The final step (deployment) in our CircleCI configuration will look like this:

 1
 2
 3
 4
 5
 6
 7
 8
 9
10
11
12
13
14
15
16
17
18
19
20
kubectl patch deployment sample -p '{"spec":{"template":{"spec":{"containers":[{"name":"sample","image":"gcr.io/test-d6bf8/simple:'"$CIRCLE_SHA1"'"}]}}}}'
if ! kubectl rollout status deploy/sample; then
  echo "DEPLOY FAILED, ROLLING BACK TO PREVIOUS"
  kubectl rollout undo deploy/sample
  # Deploy failed -> notify slack
else
  echo "Deploy succeeded, current version: ${CIRCLE_SHA1}"
  # Deploy succeeded -> notify slack
fi
deployment.extensions/sample patched
Waiting for deployment "sample" rollout to finish: 2 out of 3 new replicas have been updated...
Waiting for deployment "sample" rollout to finish: 2 out of 3 new replicas have been updated...
Waiting for deployment "sample" rollout to finish: 2 out of 3 new replicas have been updated...
Waiting for deployment "sample" rollout to finish: 1 old replicas are pending termination...
Waiting for deployment "sample" rollout to finish: 1 old replicas are pending termination...
Waiting for deployment "sample" rollout to finish: 1 old replicas are pending termination...
Waiting for deployment "sample" rollout to finish: 2 of 3 updated replicas are available...
Waiting for deployment "sample" rollout to finish: 2 of 3 updated replicas are available...
deployment "sample" successfully rolled out
Deploy succeeded, current version: 512eabb11c463c5431a1af4ed0b9ebd23597edd9

Conclusion

It seems that the process of setting up a new Kubernetes cluster is not overly complex, and the CI/CD pipeline implementation is remarkably efficient!

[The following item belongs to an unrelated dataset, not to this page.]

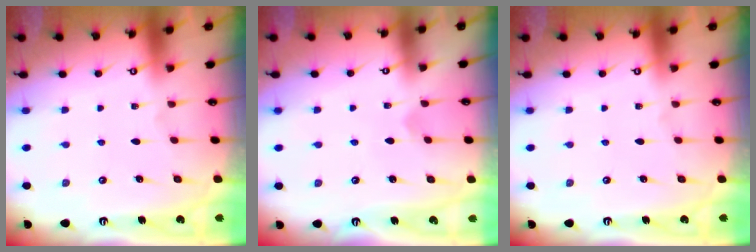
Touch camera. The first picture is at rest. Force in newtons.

Indeed! Kubernetes offers numerous advantages. It enhances the stability and manageability of your system while giving you, the developer, greater control over its operation. Furthermore, Kubernetes introduces an element of gamification to system administration, which can be a welcome bonus.

Now that you have a grasp of the fundamentals, you can expand upon this foundation and explore more advanced configurations. I plan to delve into these advanced topics in a future article. In the meantime, I challenge you to create a robust Kubernetes cluster for your application that includes a stateful database residing within the cluster (complete with a sidecar pod for performing backups). Additionally, install Jenkins within the same Kubernetes cluster to manage your CI/CD pipeline, configuring Jenkins to utilize pods as slaves for build tasks. Furthermore, leverage cert-manager to obtain and configure an SSL certificate for your ingress, ensuring secure communication. Finally, implement a comprehensive monitoring and alerting system for your application using Stackdriver, providing insights into its health and performance.

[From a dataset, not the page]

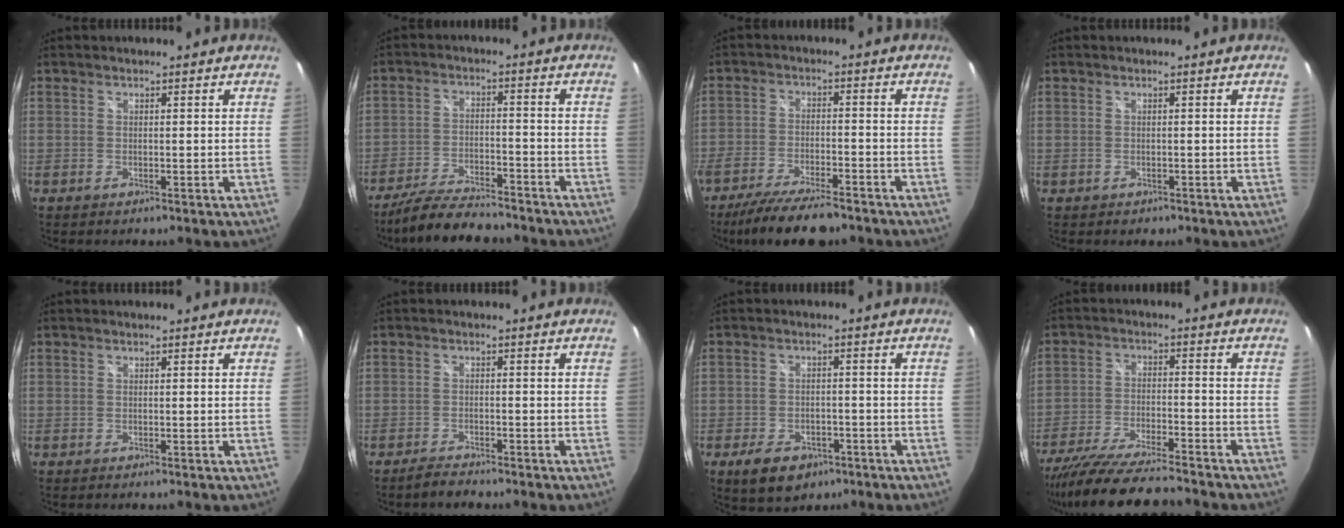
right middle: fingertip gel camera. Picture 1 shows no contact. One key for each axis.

Kubernetes’s appeal lies in its scalability, lack of vendor lock-in, and cost-effectiveness, as you are only charged for the underlying instances consumed. However, it’s important to acknowledge that not everyone possesses deep Kubernetes expertise or has the time to set up and manage a new cluster. For an alternative perspective, my esteemed Toptal colleague Amin Shah Gilani advocates for the use of Heroku, GitLab CI, and a high degree of automation in his article “How to Build an Effective Initial Deployment Pipeline,” emphasizing the importance of maximizing time spent coding and minimizing operational overhead.